(HealthDay News) — For patients undergoing postmastectomy breast reconstruction (PMBR), extended antibiotic prophylaxis (EAP) does not prevent infection, admission, reoperation, or explantation rates, according to a study published in the May issue of Plastic and Reconstructive Surgery.

Mark Sisco, M.D., from NorthShore University HealthSystem in Evanston, Illinois, and colleagues conducted a retrospective study of 1,077 women who underwent immediate prosthetic PMBR from January 2008 to May 2020 to compare 90-day outcomes between EAP-positive and EAP-negative approaches. All patients received intravenous antibiotics preoperatively and up to 24 hours after surgery; before October 2016, patients also received oral antibiotics until drain removal (EAP). The EAP-positive and EAP-negative groups included 1,004 and 683 breasts, respectively.

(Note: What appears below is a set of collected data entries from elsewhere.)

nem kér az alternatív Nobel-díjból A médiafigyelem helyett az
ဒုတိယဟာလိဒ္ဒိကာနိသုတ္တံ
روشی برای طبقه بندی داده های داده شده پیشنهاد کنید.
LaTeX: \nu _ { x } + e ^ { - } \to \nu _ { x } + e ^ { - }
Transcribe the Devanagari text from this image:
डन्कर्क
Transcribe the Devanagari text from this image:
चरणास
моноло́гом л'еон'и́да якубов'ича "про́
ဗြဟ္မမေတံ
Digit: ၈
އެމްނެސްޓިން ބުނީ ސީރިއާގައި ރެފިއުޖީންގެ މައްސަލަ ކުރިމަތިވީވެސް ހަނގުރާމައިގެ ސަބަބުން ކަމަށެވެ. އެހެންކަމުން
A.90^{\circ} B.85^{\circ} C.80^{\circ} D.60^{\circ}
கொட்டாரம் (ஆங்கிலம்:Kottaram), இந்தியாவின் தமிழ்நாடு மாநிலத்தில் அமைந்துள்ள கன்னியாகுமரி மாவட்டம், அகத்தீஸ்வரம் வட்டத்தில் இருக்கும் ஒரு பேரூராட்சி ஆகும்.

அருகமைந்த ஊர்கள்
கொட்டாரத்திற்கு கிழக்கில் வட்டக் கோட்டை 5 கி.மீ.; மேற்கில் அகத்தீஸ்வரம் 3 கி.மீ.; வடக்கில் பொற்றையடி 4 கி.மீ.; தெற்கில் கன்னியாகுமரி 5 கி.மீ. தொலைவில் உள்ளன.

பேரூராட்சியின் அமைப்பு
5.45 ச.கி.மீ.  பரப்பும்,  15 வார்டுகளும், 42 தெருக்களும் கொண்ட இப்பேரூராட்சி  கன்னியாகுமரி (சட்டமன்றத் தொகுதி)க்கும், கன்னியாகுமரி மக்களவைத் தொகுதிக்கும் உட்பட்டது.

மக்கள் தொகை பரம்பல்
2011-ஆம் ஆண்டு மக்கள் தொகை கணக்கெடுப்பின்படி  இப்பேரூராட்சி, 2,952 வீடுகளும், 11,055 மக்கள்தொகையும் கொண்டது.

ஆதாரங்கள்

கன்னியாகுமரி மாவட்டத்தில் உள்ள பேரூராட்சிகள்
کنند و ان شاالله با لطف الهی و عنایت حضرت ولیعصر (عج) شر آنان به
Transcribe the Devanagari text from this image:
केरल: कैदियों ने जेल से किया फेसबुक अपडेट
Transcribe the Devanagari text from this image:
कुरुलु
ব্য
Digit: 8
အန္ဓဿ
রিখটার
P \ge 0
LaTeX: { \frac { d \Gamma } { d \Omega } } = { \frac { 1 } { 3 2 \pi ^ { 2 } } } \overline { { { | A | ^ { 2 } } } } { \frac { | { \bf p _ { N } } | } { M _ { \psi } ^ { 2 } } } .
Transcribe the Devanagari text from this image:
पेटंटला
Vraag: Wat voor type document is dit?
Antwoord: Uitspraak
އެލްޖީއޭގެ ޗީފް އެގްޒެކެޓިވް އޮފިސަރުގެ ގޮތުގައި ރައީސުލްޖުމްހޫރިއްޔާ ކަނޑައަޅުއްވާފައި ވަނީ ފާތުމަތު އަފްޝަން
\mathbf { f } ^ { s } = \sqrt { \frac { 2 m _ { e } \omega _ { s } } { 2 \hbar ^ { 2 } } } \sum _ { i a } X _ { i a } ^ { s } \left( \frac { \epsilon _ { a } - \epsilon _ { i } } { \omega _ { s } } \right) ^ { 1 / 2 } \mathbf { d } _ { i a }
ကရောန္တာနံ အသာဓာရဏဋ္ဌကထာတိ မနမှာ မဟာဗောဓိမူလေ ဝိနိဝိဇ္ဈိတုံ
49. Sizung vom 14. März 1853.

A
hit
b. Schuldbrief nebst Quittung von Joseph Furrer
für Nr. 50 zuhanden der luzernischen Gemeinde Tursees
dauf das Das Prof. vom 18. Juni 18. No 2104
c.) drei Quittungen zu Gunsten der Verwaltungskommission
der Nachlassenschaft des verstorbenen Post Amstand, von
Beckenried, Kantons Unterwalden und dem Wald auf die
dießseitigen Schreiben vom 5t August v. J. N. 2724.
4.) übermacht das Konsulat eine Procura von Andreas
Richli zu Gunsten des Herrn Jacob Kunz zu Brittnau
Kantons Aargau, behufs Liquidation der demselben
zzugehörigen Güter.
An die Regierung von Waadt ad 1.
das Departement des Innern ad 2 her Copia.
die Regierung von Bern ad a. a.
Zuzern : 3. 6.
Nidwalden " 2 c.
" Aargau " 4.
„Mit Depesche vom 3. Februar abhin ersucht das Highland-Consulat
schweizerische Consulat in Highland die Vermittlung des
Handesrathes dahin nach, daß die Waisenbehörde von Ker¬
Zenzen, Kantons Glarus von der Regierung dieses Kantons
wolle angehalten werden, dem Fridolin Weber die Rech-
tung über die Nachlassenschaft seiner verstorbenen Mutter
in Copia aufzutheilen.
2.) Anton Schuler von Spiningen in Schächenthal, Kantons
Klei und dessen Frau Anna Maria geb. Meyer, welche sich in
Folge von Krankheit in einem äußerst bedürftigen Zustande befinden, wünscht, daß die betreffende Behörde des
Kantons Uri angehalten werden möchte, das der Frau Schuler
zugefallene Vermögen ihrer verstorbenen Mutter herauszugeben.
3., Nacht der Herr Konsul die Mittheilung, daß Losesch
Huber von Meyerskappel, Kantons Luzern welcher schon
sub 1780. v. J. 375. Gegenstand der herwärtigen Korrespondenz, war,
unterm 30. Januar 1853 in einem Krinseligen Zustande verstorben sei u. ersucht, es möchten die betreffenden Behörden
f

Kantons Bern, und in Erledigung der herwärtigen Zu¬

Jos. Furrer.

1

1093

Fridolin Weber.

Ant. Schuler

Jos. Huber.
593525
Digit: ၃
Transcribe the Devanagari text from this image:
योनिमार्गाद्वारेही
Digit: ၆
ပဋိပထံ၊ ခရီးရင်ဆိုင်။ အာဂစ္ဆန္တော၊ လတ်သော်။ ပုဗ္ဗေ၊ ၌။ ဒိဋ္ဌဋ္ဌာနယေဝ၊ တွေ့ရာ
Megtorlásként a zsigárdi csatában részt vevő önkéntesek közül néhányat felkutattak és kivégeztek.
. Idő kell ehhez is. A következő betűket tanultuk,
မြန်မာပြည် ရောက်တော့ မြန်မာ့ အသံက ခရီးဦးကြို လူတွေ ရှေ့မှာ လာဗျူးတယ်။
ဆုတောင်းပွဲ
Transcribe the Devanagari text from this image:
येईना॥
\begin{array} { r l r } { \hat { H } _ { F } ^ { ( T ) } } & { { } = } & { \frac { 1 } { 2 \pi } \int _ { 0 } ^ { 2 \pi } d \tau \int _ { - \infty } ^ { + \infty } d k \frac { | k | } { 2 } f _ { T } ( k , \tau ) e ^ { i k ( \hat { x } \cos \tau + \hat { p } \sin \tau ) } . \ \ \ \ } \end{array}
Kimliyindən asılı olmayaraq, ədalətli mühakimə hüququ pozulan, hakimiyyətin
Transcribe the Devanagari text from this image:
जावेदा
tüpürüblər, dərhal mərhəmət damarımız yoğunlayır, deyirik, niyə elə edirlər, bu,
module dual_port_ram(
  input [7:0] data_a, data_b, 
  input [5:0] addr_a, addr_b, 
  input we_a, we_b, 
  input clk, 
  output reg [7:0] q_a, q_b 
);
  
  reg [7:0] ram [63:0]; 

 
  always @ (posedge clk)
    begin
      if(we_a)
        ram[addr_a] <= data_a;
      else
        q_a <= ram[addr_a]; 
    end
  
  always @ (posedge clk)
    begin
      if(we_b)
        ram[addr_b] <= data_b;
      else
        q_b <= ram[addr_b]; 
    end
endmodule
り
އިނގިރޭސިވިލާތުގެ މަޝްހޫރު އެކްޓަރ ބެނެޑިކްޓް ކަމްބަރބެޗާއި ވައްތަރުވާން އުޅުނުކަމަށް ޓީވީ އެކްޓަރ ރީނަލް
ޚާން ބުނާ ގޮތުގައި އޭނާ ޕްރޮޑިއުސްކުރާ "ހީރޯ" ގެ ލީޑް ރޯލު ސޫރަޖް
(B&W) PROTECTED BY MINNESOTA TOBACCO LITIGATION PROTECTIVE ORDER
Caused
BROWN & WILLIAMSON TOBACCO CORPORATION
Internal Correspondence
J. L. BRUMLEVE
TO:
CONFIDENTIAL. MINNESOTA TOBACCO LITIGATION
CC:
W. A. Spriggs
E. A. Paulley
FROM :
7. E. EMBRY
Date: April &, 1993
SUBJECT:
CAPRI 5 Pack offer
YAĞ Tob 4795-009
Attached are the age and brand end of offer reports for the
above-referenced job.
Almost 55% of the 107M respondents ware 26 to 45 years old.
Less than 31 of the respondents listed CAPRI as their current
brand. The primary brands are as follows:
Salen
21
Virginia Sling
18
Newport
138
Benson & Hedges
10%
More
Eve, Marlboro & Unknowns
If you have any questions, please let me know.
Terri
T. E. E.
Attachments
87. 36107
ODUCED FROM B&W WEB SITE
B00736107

The researchers observed no differences between the EAP-positive and EAP-negative groups in terms of surgical site infection (odds ration [OR], 0.83; 95 percent confidence interval [CI], 0.56 to 1.25; P = 0.38), admission (OR, 0.78; 95 percent CI, 0.41 to 1.48; P = 0.44), reoperation (OR, 1.01; 95 percent CI, 0.68 to 1.48; P = 0.97), or explantation rates (OR, 1.06; 95 percent CI, 0.66 to 1.71; P = 0.81). The likelihood of developing gram-negative infections was increased in the EAP-positive group. Thirteen (2.0 percent) and four (0.6 percent) EAP-positive women, respectively, developed allergic reactions and Clostridium difficile colitis attributable to the EAP.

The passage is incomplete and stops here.